労働政策研究報告書№123(以下、「報告書№123」とする)は、ある4カ所の労働局のあっせん事案のうち、雇用終了※1事案について、「何が理由で雇用終了に至ったのか」を分類し、以下の類型を示しています。(19類型のうち件数の多い順に上位11類型を抜粋)
- 経営上の理由
- 態度(命令拒否、業務遂行上の態度、職場のトラブル、顧客とのトラブル、遅刻・欠勤、休み、不平不満、相性、その他)
- 能力(個別具体的な職務能力、成果主義、仕事上のミス、一般的能力不足、不向き)
- 傷病(労働災害、私的負傷、慢性疾患、精神疾患、体調不良、家族の傷病)
- 準解雇(形式的には自己都合退職であるが、使用者側の行為によって労働者が退職に追い込まれたもの)(いじめ・嫌がらせ、労働条件変更、職場トラブル、その他)
- 非行(背任行為、業務上の事故、仕事上の金銭トラブル、職場の窃盗、職場の暴力、いじめ・セクハラ、業務上の不品行、経歴詐称)

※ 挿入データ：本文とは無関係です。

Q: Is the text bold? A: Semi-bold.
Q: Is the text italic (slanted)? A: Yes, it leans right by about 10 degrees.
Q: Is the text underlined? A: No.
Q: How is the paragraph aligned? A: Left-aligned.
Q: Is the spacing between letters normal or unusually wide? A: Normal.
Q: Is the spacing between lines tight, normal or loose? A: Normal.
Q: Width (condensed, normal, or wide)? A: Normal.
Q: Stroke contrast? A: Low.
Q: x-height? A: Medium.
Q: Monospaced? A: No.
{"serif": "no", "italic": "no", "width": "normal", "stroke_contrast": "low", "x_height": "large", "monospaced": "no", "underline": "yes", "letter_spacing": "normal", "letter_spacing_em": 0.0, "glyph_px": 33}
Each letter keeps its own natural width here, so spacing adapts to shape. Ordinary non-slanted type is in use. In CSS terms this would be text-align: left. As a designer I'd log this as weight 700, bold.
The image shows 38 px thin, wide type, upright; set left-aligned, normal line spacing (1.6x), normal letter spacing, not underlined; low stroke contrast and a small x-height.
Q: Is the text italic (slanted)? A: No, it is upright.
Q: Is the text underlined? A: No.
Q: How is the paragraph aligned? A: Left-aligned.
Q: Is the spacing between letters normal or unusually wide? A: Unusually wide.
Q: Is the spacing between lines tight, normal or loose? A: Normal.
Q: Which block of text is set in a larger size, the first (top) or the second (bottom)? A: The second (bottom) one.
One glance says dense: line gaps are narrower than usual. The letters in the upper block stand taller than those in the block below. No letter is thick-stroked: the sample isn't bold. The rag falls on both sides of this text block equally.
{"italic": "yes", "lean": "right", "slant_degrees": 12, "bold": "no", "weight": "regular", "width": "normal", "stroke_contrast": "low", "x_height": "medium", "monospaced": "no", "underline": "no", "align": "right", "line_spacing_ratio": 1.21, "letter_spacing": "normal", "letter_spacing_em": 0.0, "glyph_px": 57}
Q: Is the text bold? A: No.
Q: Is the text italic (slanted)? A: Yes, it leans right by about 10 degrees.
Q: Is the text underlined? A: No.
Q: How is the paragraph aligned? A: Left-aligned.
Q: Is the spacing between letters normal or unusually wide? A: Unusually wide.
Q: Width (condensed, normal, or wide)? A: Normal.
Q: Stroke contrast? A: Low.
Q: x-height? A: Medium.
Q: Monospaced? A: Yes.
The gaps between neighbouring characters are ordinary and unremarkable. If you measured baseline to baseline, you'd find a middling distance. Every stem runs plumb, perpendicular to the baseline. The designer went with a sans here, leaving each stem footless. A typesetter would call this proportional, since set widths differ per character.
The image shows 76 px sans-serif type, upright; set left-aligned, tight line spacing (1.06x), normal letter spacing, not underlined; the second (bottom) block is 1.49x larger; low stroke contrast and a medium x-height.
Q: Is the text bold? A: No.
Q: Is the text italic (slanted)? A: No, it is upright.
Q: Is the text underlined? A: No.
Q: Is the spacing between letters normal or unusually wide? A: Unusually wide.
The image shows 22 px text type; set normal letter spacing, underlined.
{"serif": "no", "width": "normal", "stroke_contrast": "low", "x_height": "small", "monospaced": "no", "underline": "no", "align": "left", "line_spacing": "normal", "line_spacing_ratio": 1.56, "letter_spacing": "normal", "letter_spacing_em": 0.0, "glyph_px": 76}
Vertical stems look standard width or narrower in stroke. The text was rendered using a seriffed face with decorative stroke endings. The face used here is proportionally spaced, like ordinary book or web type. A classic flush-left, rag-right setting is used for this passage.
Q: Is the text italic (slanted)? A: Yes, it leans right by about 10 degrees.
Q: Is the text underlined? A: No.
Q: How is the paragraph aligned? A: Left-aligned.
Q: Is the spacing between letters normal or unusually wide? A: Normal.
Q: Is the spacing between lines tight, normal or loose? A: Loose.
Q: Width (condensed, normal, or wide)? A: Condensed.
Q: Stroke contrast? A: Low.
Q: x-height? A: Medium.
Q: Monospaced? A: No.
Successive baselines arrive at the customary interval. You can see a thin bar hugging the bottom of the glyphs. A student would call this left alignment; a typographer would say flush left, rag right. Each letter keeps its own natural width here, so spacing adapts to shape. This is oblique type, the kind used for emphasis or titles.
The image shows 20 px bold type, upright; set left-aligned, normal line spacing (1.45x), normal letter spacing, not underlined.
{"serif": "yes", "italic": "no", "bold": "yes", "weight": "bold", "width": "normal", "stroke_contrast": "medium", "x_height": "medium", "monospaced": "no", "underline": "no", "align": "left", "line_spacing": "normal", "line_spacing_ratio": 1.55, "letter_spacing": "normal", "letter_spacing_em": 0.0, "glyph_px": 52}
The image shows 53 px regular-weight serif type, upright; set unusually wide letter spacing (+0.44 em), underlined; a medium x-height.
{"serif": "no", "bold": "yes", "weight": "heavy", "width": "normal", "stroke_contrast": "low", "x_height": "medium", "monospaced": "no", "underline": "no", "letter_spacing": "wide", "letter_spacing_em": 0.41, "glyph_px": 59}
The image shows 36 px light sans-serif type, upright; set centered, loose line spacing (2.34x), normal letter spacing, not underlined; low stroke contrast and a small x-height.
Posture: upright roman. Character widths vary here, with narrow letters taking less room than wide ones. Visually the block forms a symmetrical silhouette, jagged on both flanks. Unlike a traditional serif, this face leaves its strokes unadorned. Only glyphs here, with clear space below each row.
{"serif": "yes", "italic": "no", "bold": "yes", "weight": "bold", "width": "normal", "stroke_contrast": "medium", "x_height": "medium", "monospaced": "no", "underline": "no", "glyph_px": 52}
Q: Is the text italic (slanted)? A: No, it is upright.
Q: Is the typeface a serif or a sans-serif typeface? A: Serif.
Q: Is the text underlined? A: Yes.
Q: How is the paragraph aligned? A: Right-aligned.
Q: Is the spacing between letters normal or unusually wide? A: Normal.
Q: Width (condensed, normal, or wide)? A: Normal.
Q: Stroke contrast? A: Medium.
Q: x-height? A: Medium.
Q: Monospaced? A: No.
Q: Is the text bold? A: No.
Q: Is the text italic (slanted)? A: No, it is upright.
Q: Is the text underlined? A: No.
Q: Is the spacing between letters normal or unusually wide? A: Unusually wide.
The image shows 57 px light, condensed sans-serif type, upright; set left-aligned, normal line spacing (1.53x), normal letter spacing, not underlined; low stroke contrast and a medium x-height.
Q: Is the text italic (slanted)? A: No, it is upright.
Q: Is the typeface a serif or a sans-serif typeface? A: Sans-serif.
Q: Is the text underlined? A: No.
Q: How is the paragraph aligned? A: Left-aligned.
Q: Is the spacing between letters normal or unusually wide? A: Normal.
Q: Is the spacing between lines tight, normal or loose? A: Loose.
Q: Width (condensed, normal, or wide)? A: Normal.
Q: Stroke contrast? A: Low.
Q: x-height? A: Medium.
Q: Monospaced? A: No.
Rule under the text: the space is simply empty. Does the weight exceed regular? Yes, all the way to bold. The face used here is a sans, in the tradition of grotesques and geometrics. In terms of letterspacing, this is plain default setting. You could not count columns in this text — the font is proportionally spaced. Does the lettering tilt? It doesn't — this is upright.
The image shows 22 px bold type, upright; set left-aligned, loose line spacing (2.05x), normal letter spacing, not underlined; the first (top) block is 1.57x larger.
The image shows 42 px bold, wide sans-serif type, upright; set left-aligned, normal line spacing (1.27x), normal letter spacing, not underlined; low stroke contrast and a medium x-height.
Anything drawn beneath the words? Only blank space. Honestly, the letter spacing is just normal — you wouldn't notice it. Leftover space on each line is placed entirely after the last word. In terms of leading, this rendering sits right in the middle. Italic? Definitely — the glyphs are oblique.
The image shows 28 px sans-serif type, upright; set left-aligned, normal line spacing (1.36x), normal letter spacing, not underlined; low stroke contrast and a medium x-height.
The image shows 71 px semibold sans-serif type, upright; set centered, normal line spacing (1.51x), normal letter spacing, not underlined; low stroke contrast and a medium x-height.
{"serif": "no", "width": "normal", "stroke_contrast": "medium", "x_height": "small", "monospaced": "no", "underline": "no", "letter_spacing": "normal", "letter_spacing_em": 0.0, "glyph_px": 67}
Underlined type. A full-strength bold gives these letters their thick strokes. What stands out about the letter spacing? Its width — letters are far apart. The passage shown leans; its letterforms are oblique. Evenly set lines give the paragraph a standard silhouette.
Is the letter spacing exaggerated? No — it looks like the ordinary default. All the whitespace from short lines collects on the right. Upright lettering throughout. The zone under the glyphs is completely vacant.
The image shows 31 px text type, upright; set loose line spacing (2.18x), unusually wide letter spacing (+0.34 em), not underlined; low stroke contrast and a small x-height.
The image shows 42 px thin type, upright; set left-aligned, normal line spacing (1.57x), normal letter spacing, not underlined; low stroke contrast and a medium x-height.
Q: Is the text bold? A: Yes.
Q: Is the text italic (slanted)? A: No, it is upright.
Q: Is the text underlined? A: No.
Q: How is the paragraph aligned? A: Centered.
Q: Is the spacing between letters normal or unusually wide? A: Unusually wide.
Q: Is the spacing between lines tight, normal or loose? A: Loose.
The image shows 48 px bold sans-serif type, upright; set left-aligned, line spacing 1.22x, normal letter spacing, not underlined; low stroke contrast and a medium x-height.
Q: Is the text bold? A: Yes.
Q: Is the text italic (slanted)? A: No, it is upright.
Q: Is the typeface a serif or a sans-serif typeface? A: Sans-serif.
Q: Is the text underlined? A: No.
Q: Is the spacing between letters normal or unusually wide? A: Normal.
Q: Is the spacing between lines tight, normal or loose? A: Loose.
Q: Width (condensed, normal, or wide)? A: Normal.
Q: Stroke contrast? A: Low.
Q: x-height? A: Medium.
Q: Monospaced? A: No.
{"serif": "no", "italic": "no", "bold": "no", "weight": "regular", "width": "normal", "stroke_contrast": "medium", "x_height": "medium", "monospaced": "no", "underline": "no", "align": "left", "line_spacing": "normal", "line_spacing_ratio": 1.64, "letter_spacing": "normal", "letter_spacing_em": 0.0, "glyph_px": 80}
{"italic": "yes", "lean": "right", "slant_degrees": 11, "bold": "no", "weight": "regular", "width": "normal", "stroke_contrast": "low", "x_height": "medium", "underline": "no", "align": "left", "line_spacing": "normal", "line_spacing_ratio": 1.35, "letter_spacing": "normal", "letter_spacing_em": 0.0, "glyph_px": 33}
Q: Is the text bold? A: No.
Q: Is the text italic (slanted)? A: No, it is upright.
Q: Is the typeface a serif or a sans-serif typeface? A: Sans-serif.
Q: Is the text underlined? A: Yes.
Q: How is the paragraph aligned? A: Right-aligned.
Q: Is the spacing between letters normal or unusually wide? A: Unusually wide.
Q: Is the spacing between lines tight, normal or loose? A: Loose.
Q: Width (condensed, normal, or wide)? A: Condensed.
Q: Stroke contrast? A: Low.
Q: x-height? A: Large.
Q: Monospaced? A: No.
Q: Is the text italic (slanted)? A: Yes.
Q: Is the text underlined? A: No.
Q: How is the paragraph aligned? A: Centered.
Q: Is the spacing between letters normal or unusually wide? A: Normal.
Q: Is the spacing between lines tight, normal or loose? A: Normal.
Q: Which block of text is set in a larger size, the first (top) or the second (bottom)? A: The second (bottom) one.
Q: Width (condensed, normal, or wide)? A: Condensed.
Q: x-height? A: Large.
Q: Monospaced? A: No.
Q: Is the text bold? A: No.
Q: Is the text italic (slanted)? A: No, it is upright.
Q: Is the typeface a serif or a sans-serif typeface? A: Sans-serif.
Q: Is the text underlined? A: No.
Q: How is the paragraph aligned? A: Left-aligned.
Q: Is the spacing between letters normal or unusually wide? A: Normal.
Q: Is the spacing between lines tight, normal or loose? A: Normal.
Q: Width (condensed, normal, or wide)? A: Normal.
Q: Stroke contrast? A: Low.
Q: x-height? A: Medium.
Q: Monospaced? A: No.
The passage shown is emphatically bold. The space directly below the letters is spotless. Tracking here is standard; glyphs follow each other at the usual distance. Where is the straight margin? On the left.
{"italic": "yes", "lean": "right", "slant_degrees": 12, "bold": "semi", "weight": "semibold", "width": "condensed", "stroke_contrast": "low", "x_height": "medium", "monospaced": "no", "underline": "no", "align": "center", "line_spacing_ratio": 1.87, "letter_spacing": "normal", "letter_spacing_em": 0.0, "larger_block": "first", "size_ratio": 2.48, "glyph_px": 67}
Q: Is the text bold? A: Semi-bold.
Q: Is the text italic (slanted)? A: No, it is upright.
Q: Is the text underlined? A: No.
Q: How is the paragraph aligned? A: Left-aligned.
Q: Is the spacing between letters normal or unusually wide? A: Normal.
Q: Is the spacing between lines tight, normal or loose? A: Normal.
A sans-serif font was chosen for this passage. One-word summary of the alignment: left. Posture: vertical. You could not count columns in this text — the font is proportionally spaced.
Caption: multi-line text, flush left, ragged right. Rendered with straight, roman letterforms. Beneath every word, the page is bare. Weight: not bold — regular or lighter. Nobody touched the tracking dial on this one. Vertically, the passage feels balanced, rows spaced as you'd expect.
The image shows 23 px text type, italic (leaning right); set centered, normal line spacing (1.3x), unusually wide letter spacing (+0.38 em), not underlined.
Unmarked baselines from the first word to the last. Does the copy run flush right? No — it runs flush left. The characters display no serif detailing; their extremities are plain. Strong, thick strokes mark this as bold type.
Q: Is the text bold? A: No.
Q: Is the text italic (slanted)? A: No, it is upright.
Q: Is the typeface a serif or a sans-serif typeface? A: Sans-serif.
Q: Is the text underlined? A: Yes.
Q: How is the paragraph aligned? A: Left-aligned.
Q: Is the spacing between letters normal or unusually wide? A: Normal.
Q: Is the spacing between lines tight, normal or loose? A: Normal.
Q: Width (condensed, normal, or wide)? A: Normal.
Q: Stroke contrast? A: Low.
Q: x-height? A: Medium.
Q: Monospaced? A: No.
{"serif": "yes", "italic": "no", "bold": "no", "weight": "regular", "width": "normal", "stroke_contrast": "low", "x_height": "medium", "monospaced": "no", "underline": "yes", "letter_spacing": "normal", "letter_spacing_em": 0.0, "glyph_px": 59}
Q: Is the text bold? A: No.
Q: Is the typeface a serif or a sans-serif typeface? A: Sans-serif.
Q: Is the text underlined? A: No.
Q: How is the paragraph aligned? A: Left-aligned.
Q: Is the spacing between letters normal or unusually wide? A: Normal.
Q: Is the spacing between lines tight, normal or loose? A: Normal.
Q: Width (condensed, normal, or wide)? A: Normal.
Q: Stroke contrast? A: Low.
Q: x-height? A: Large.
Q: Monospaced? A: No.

- 労働条件変更への拒否(配転、賃金その他の労働条件、雇用上の地位変更)
- 労働者のボイス※2への制裁(抗議、社会正義、企業経営への意見、その他)
- 変更解約告知(不利益変更と雇用終了の選択を提示して雇用終了に至ったもの)
- コミュニケーション不全
- 労働法上の正当な権利行使への制裁
類型は、例えば解雇無効などを争う事案であっても、“使用者がどうして解雇しようとしたか”、に着目しています。
件数で最も多いのは、「1.経営上の理由」となっています。
しかし、これはある1社の労働者による集団的な(ほぼ)同時申請が含まれていて、これを1件にまとめると、最多事案は「2.態度」、次に「1.経営上の理由」となります。
件数の最も多い「態度」に分類されたあっせん事案は、その大部分が不参加や打ち切りとなっています。
その理由を報告書№123は、「使用者側に正当性があるという感覚が強いためではないか」として、以下のように続けています。
「内容的に雇用終了を正当化するまでの悪質さが労働者側にあるかどうかはかなり疑問であり、おそらく裁判になれば社会的相当性がないとして解雇無効となる可能性が高いケースが多いように思われる。」
あっせんを蹴った事案が、裁判手続きに移行したときの結末を予見させます。
事案の具体例
事案の具体例をみると、「指導に従わないので普通解雇」や「指示に従わないので退職勧奨」などとあります。
(解雇とは、そのようにすぐにできる処遇ではないのですが、どうしても従業員の態度から解雇を避けられないとお考えのときは、解雇通告の前に、少なくとも取って頂きたいプロセスがあります(「懲戒解雇」参照)。)
詳細は不明ですが、これらの事例から紛争防止のヒントを得るとすれば、労務管理上で次のような検証を行うことです。
- 採用時の人選はよく吟味されたか
- 指導・指示は適切な内容だったか
- 従業員が指示に従わないという態度に出るような別の原因は考えられないか(従業員が使用者や組織に対して悪いことをするのは、それ以前にその従業員が使用者や組織から不公正な処遇を受けたからだ、という考え方が実証研究から導出されています。(「荒廃する職場/反逆する従業員」田中堅一郎著より))
これらを検証することは、再発防止に留まらず、働きやすい職場の実現にもつながっています。
※1~解雇、雇止め、退職勧奨、自己都合退職などを含む
※2~「発言」、「意見」
上記類型の各テーマについては、今後のコンテンツで触れていきたいと思います。